The Cuyahoga County Committee of the Whole approved technical corrections to the proposed 2026–2027 biennial budget, adopted a multi-part council amendment that adjusts casino-revenue transfers and restores portions of HHS subsidies, and voted to refer the amended budget to the full Council for second reading.
Walter Perfiaos of the budget office presented two technical adjustments: a sales-tax projection increase (from 2.5% to 3%), which Perfiaos said would add roughly $1.718 million to each year’s budget, and a cut to the capital improvement subsidy of $2 million in 2026 and $500,000 in 2027. Council President Miller moved to accept the administration’s technical amendments; the committee approved them by voice vote and incorporated them into the recommended budget.
Council Amendment No. 1, sponsored by President Miller, Vice President Conwell and Finance Chair Turner, was introduced and discussed at length. Staff summarized the changes: a revised spending structure for casino revenue (estimated at about $8.9 million annually), including transferring $1.5 million to the Economic Development Fund (reduced from the executive’s $2.5 million proposal), approximately $1.2 million toward gateway debt, and $4.5 million to general fund purposes to help offset operating costs.

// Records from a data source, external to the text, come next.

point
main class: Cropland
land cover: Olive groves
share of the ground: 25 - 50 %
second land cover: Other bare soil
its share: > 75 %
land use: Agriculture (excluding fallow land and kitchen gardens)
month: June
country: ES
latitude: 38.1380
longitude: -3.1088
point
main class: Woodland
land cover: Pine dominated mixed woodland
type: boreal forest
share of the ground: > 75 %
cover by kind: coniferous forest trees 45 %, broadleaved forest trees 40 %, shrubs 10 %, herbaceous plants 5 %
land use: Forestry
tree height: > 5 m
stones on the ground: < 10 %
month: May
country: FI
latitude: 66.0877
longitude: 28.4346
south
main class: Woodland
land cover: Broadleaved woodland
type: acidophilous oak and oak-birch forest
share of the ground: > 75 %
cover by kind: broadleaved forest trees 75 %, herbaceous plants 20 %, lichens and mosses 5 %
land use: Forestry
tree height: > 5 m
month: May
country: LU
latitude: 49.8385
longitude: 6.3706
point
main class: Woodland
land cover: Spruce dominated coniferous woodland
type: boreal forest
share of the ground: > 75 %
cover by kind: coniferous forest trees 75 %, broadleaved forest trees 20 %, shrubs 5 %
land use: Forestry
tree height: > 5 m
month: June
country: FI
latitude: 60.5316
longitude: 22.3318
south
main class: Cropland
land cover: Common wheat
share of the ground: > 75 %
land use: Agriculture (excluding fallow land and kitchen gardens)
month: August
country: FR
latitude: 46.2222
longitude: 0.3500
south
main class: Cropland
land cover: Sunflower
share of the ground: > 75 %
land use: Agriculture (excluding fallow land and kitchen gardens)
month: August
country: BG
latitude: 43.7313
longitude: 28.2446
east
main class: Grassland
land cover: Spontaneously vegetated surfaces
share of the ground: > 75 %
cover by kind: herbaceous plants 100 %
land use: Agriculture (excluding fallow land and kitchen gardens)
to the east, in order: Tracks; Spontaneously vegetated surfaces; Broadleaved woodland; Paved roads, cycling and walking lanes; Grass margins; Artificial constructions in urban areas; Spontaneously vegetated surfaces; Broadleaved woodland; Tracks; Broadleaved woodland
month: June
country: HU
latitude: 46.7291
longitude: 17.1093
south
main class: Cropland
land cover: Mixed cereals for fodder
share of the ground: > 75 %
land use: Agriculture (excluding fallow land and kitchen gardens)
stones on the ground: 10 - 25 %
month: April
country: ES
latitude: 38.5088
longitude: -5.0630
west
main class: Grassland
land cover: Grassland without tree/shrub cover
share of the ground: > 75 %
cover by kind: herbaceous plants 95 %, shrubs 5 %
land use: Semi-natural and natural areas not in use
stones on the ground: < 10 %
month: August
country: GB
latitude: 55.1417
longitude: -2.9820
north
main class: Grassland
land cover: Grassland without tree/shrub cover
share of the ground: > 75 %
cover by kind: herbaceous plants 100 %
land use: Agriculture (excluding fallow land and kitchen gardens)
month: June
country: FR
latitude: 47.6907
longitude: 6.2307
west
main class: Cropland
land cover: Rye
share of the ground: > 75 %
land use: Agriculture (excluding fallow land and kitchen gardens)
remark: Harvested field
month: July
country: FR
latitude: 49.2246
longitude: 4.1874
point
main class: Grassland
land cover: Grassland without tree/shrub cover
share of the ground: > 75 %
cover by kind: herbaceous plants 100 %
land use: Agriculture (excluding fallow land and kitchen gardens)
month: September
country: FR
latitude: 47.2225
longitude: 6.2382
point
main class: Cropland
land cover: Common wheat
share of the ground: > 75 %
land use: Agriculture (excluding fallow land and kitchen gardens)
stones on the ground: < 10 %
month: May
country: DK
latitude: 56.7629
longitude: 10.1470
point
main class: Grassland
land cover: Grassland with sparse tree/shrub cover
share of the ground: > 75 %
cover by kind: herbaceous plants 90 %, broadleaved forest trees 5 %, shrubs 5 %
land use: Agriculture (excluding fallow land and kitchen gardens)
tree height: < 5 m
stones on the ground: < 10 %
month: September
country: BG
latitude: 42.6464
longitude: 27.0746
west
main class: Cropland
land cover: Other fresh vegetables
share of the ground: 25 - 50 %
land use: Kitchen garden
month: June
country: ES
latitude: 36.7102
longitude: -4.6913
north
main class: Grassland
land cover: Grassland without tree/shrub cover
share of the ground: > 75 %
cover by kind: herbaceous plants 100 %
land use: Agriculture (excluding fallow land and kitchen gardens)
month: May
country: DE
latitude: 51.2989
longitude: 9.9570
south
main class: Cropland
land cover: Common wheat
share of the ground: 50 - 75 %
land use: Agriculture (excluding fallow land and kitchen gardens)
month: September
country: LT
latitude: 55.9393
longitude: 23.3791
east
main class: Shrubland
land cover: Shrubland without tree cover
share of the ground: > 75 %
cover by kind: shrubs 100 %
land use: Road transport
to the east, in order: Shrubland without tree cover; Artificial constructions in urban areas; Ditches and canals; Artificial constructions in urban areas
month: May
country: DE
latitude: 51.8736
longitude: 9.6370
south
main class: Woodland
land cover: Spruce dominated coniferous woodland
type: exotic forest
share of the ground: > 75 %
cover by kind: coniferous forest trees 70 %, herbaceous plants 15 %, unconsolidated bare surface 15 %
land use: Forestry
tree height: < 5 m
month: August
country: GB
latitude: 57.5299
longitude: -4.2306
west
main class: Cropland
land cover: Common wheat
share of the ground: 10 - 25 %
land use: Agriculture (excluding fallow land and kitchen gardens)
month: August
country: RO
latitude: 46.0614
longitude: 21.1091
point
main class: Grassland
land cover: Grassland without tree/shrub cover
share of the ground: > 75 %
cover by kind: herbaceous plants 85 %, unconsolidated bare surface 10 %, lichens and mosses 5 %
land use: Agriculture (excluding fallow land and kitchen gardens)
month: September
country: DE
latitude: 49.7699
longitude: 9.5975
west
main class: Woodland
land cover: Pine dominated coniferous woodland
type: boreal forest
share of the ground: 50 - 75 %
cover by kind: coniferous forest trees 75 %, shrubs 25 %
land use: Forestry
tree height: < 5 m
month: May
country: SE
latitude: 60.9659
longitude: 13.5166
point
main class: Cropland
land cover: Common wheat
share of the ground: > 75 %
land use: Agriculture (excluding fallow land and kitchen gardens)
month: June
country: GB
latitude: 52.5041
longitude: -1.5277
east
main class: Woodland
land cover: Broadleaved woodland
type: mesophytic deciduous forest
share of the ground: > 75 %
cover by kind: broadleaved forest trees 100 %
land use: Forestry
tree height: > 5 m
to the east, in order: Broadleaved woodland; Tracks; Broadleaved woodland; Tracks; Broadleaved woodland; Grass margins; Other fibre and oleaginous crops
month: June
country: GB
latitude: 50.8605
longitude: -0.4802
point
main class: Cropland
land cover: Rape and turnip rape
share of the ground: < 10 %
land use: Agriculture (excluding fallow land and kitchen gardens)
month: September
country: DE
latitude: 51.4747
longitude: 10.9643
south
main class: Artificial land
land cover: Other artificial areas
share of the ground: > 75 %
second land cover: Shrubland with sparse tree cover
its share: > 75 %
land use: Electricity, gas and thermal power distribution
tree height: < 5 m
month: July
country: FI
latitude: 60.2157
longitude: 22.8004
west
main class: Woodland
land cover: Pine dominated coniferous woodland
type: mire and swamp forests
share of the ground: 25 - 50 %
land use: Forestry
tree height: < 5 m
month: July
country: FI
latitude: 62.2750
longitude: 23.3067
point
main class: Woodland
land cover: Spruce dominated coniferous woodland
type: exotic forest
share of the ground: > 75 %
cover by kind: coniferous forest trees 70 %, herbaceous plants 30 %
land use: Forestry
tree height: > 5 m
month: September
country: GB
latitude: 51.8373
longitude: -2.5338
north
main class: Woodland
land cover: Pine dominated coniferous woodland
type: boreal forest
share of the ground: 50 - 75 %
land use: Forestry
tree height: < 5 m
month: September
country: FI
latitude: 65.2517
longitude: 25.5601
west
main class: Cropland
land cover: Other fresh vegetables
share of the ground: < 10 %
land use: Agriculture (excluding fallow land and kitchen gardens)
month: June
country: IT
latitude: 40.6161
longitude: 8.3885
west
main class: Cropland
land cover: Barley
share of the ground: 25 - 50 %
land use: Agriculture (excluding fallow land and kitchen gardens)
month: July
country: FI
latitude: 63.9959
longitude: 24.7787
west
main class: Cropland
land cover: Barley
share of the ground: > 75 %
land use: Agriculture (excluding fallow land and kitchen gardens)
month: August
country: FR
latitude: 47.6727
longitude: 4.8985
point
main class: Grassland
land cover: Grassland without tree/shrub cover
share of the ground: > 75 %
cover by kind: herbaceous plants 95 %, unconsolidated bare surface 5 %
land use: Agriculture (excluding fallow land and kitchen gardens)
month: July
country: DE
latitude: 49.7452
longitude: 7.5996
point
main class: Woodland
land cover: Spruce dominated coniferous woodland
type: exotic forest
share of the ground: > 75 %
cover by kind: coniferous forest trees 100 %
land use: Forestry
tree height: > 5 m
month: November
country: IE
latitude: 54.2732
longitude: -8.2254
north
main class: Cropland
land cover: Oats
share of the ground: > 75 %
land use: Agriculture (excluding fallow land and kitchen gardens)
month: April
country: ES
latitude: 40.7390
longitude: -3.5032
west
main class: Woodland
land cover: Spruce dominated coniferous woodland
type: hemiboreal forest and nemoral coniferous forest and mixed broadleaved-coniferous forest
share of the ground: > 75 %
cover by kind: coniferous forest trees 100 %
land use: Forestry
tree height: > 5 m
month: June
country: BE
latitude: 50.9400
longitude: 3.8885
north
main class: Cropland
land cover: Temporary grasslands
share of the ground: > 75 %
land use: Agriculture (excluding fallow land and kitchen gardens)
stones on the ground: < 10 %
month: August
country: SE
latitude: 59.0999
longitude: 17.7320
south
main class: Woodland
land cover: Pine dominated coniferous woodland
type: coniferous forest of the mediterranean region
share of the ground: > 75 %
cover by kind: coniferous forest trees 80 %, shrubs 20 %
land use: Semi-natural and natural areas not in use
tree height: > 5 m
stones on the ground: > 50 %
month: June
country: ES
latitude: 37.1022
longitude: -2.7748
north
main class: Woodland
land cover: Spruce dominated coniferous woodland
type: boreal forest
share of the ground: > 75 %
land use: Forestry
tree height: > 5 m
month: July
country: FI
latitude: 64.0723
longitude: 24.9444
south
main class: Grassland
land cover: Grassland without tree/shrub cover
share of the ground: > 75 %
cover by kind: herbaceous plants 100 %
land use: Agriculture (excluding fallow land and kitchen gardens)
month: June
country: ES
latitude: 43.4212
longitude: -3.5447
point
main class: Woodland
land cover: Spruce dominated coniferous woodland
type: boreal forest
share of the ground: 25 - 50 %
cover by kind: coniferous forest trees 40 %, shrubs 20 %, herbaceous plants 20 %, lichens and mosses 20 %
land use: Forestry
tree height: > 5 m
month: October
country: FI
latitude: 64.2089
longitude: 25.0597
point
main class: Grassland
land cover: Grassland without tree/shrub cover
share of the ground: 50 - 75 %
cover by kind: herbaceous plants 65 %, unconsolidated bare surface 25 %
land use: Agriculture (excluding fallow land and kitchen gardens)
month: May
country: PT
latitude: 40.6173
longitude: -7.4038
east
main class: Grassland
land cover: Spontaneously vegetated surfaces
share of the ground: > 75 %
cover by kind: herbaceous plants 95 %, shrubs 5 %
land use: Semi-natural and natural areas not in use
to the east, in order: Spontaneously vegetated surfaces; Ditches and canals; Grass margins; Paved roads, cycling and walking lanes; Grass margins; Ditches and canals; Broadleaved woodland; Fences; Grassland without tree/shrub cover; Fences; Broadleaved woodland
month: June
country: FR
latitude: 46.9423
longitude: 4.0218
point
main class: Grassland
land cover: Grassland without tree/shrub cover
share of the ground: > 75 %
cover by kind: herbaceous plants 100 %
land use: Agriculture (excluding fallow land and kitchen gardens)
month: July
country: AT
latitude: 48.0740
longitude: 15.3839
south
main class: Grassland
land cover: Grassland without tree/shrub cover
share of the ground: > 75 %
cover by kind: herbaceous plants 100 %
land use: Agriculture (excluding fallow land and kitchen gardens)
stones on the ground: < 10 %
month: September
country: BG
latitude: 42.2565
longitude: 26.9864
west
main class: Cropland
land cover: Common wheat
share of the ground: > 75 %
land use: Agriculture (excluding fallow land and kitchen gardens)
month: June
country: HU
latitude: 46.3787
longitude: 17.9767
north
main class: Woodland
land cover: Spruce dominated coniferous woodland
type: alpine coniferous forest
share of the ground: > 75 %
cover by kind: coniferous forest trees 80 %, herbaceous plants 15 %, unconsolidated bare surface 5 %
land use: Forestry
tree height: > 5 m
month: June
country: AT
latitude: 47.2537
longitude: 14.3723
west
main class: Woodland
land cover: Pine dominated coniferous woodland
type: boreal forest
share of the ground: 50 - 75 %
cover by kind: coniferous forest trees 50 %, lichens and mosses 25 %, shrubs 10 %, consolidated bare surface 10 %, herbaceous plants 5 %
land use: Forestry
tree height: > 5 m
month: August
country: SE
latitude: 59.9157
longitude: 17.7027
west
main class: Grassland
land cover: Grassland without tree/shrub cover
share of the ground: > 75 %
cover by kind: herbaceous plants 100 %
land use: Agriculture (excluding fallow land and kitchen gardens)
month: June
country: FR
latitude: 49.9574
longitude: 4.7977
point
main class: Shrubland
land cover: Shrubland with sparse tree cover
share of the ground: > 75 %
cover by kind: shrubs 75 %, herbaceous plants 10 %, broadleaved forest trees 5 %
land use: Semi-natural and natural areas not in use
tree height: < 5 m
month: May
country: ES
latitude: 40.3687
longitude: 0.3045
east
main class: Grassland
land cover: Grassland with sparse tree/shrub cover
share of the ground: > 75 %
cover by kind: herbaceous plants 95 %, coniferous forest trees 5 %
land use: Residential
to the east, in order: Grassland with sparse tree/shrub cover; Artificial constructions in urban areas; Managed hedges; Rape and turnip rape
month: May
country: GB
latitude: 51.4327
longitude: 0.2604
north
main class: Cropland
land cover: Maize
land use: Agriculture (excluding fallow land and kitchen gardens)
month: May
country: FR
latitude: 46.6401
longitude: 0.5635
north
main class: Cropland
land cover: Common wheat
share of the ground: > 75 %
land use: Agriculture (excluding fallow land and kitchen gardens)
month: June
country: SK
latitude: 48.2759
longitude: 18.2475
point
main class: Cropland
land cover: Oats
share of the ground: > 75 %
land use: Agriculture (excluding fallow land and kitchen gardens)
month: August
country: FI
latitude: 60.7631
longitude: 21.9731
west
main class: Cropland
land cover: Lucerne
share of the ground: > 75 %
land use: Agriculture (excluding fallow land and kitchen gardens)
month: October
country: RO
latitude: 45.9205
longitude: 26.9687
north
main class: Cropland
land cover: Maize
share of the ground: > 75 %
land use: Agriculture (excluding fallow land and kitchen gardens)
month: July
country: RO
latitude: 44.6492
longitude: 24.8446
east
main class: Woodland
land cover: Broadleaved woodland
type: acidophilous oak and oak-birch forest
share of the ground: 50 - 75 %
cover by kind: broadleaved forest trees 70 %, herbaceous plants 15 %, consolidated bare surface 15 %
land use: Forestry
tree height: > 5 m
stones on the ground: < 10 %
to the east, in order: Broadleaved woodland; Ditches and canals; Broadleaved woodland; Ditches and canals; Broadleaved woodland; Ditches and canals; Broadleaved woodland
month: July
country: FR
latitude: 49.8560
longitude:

The amendment also added language requiring monthly written reporting from the sheriff’s office on overtime expenses and created a separate accounting unit for a sheriff community-support function. In the HHS levy accounts the amendment partially restored subsidies: MetroHealth’s annual subsidy was restored to $35 million (a $3 million increase in 2026 and $1.5 million in 2027, per staff summary) and other smaller restorations were listed for workforce scholarships, child protection programs and family supports.
Members questioned how the casino-revenue transfers would affect council-authorized programs; staff noted a current balance in the Economic Development Fund (approximately $30 million) and that some of the council’s community-development allocations would be reduced under the amendment. After discussion, members moved and approved the amendment; the technical amendments and this leadership package were folded into the recommended budget. Committee staff said OBM would circulate an updated budget schedule so second reading could occur at the council meeting the next day and third reading and adoption at the Dec. 9 meeting.
The committee then voted to refer the amended biennial budget to the full Council for second reading and scheduling; the referral motion passed and the meeting adjourned. The full Council will receive the revised budget for formal consideration at its next meetings.